EXERCISE PROMPT: Below are some records; quote exactly the lines from the one that contains "46 422 133 554" through the one that contains "1334 -24 25", inclusive, and no others.

*** Opening AVAILABLE RECORDS ***

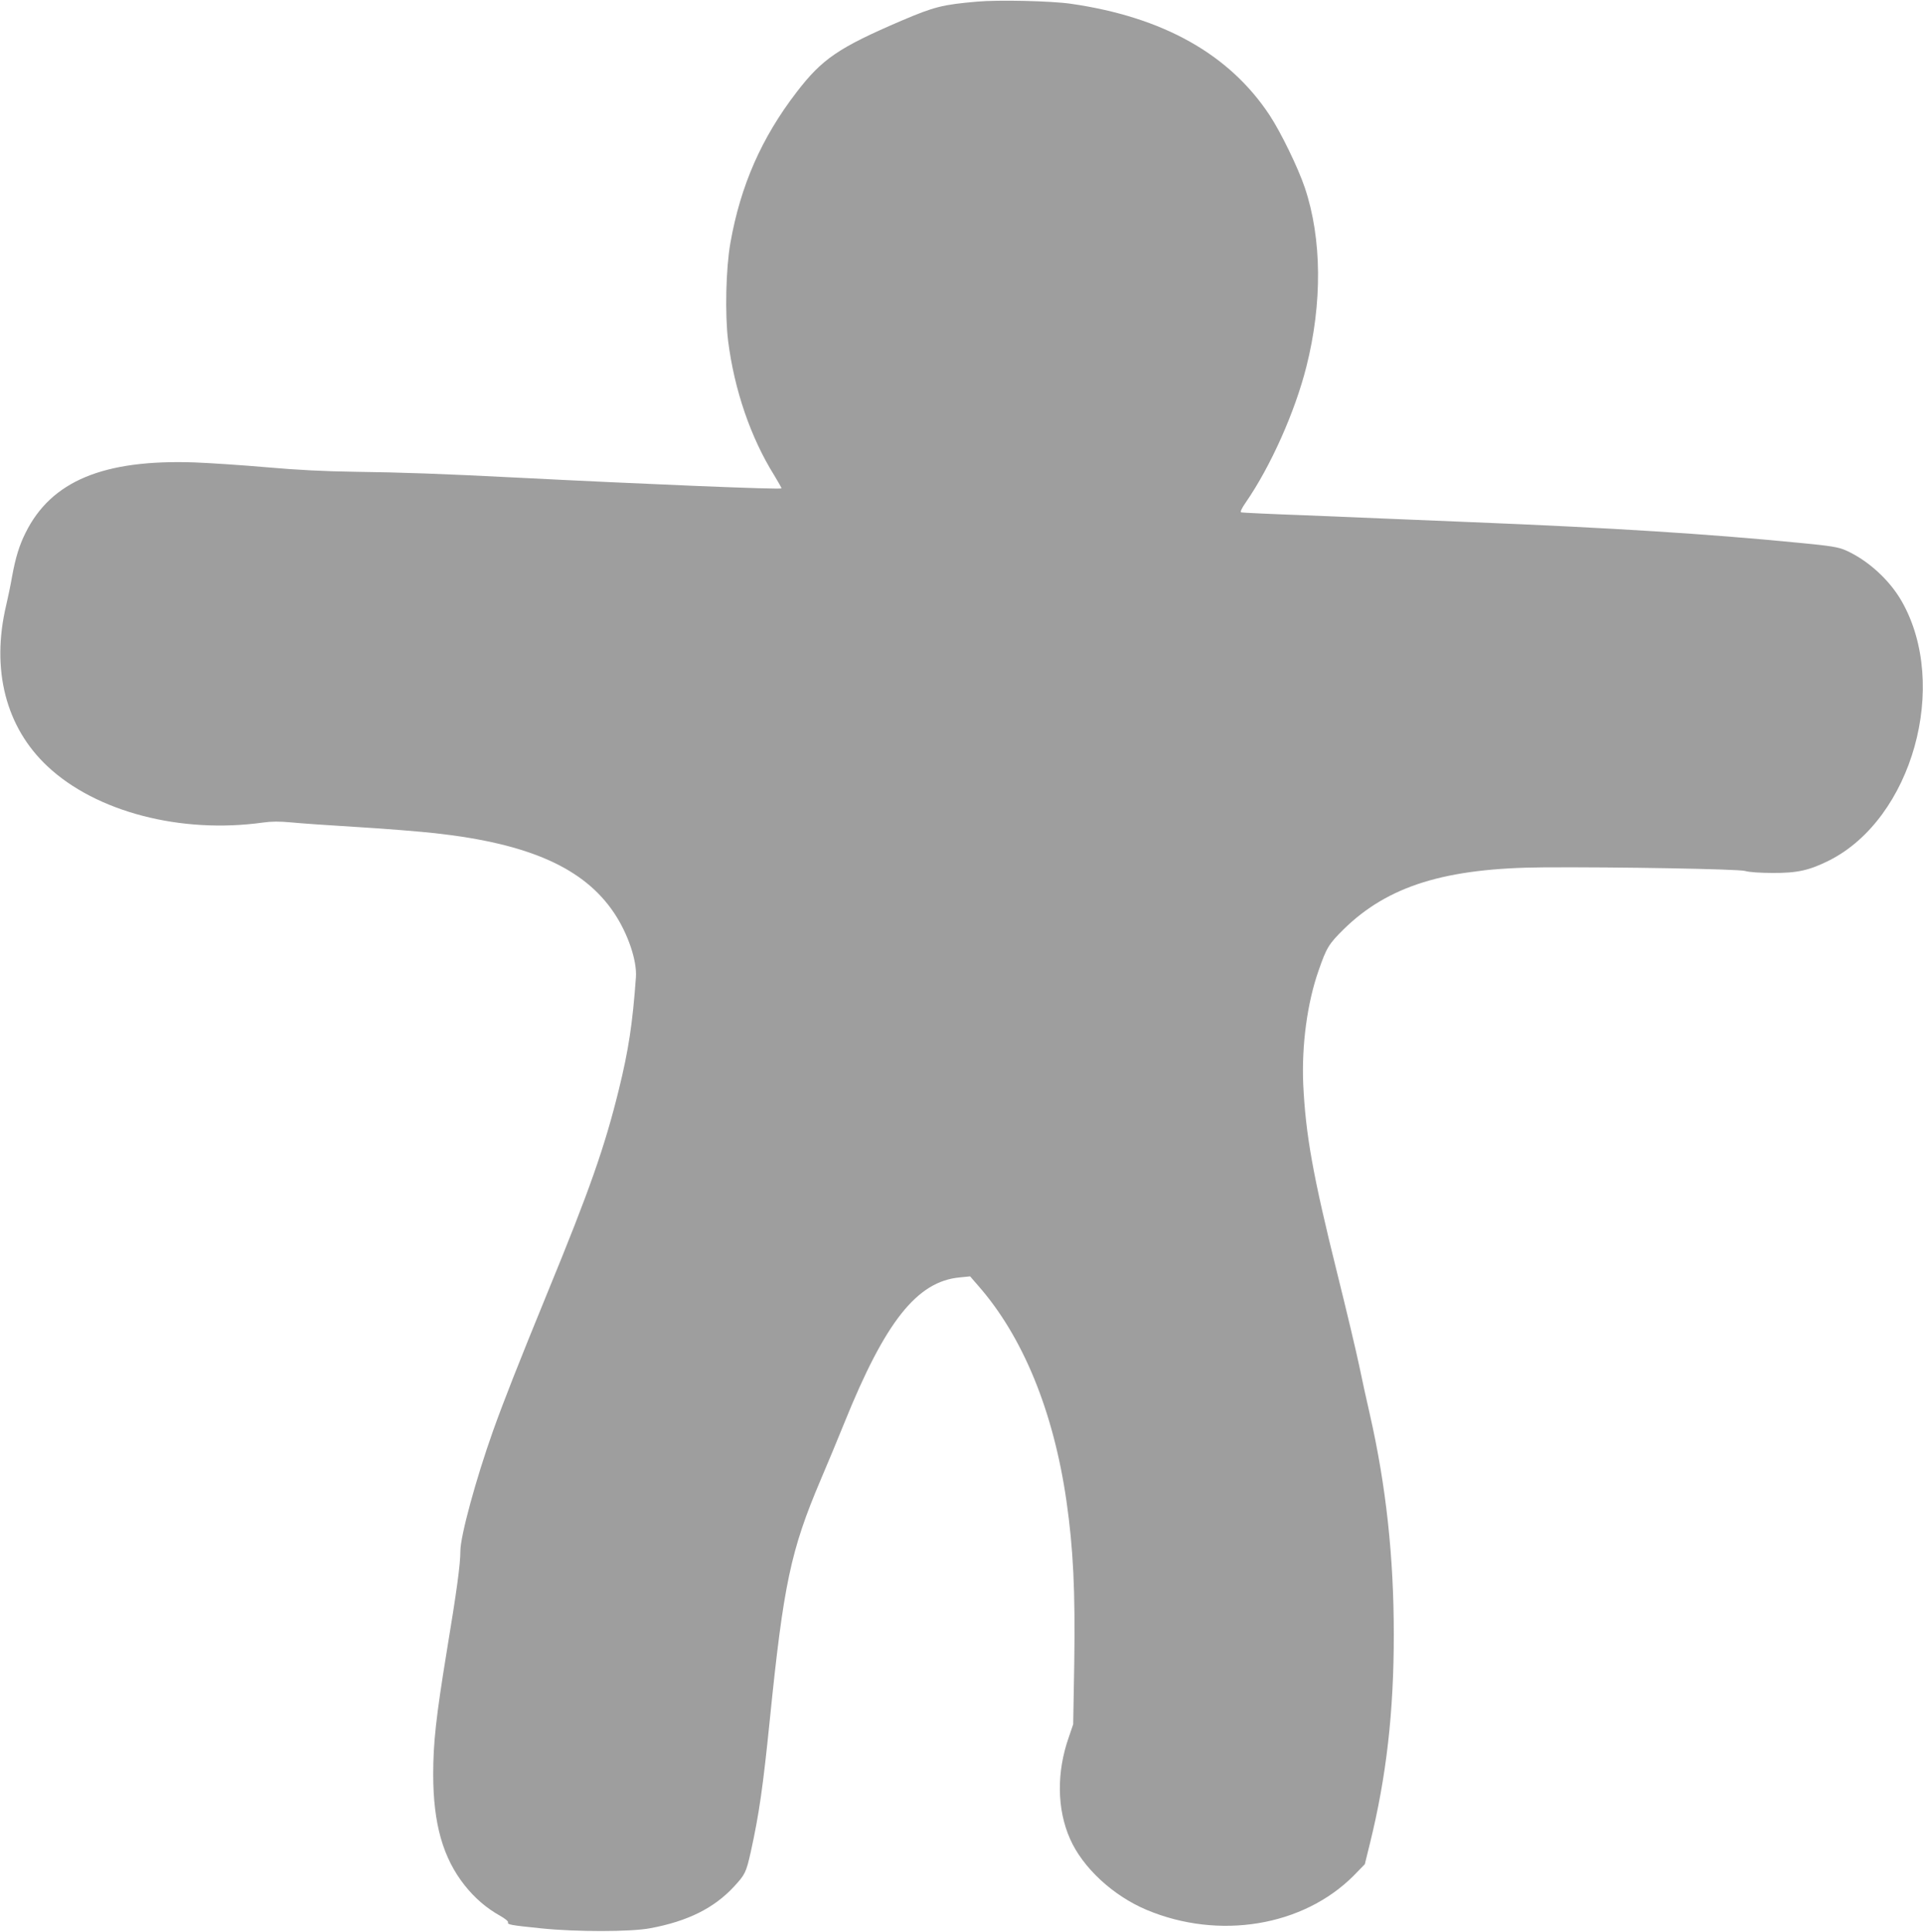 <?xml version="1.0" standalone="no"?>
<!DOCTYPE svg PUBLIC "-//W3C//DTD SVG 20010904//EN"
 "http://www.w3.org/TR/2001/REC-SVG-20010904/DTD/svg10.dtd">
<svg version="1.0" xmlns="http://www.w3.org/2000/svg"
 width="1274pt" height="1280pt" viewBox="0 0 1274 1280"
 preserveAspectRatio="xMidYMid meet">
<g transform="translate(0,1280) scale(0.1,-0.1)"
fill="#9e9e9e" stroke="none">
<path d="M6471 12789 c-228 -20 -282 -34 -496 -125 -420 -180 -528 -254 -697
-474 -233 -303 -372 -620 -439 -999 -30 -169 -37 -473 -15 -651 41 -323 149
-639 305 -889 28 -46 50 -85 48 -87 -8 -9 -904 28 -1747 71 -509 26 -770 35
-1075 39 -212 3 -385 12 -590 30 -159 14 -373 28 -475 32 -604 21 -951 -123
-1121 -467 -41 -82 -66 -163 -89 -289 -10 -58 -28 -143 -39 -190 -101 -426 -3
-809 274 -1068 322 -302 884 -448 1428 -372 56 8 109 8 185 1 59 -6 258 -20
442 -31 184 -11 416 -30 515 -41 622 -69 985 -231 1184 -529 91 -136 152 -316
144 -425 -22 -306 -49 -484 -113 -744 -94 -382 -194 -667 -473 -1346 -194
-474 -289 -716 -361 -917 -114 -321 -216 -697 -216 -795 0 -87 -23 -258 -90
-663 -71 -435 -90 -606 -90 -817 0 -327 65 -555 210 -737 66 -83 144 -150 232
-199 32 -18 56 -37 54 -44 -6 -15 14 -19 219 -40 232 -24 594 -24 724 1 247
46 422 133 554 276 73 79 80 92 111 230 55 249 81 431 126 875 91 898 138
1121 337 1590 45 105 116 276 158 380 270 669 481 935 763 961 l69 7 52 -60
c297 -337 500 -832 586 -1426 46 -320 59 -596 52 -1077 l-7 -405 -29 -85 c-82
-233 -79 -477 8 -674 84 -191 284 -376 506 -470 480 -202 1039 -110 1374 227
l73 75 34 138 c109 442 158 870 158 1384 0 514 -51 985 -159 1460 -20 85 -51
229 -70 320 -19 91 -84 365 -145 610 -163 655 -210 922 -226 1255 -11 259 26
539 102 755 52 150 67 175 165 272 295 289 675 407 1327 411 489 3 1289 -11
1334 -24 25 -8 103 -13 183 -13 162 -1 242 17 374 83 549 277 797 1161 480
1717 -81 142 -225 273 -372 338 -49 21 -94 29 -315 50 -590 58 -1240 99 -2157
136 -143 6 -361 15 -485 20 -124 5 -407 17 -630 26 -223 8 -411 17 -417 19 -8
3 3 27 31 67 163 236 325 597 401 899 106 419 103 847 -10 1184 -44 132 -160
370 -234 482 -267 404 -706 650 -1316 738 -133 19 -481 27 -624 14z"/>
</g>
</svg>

*** Closing AVAILABLE RECORDS ***

EXERCISE SOLUTION:
46 422 133 554 276 73 79 80 92 111 230 55 249 81 431 126 875 91 898 138
1121 337 1590 45 105 116 276 158 380 270 669 481 935 763 961 l69 7 52 -60
c297 -337 500 -832 586 -1426 46 -320 59 -596 52 -1077 l-7 -405 -29 -85 c-82
-233 -79 -477 8 -674 84 -191 284 -376 506 -470 480 -202 1039 -110 1374 227
l73 75 34 138 c109 442 158 870 158 1384 0 514 -51 985 -159 1460 -20 85 -51
229 -70 320 -19 91 -84 365 -145 610 -163 655 -210 922 -226 1255 -11 259 26
539 102 755 52 150 67 175 165 272 295 289 675 407 1327 411 489 3 1289 -11
1334 -24 25 -8 103 -13 183 -13 162 -1 242 17 374 83 549 277 797 1161 480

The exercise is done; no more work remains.